Шотландский терьер Булька поседел от горя после моего ареста. Он умел ревновать, страдать, радоваться и никогда не допускал бестактности. Стоило этой собаке невзлюбить человека, и рано или поздно оказывалось, что он был большим психологом, нежели мы. Если Булька относился к кому-нибудь благожелательно, можно было смело довериться такому человеку. В Семипалатинске Бульку однажды украли цыгане, проходившие табором через город. Через месяц пес вернулся домой с куском веревки на шее, с гноящимися глазами и лишаем. Горе изменило его характер. Он подолгу лежал и часто плакал. Когда пса раздавил грузовик, я почувствовала это в своей одиночке, когда извне ничего не проникало. Мне не давали больше даже книг. Как же я узнала? Не могу объяснить. То был душевный толчок, почти мистическое проникновение сознания сквозь стены. С маниакальной настойчивостью я потребовала у следователя, чтобы мне сообщили о семье и, чего раньше не делала, особо о собаке.

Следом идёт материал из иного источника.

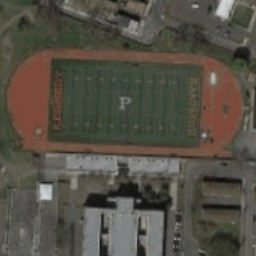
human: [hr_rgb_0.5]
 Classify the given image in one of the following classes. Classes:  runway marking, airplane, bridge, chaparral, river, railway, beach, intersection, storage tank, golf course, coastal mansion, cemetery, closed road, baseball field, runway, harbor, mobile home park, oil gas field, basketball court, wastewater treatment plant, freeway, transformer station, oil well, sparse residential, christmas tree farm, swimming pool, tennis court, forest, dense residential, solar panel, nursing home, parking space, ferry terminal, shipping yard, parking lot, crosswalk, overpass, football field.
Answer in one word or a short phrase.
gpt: football field

За истекшие два года я несколько раз издали видела мать и дочерей. Баня для заключенных находилась в нескольких десятках метров от тюрьмы, на соседней улице. Обычно кто-либо из родственников выведывал заранее, когда именно это будет, и близкие выстраивались у тюремных ворот, чтобы хоть издали взглянуть на нас.
Поздней осенью 1939 года я тяжело заболела и была переведена обратно в городскую тюрьму. К тому времени там уже не осталось ни одного знакомого мне человека. Все «политические» были осуждены и увезены в лагеря.
Меня поместили к старухе рецидивистке Доре Игрушкиной. Это была испитая, похожая на жабу женщина с отвислыми щеками. Большое мясистое лицо ее пометили многолетний алкоголизм, давний, плохо леченный сифилис, многие скрытые пороки. Но после долгого одиночества я была ей несказанно рада и, просыпаясь ночью, блаженно прислушивалась к свистящему храпу соседки, а днем покорно терпела ее отвратительную ругань.
Игрушкина была весьма честолюбива и старалась удивить меня своими преступлениями. Она выхвалялась убийствами, грабежами и хитроумными аферами, но при этом так завиралась, что я усомнилась в ее кровожадности. Как все воровки, она любила рассказывать о своих утерянных богатствах, былых кутежах, романтических приключениях и женских победах.
Слушая глупейшие рассказы словоохотливой старой преступницы, я не могла, однако, отвлечься от своих мыслей и неотступного беспокойства.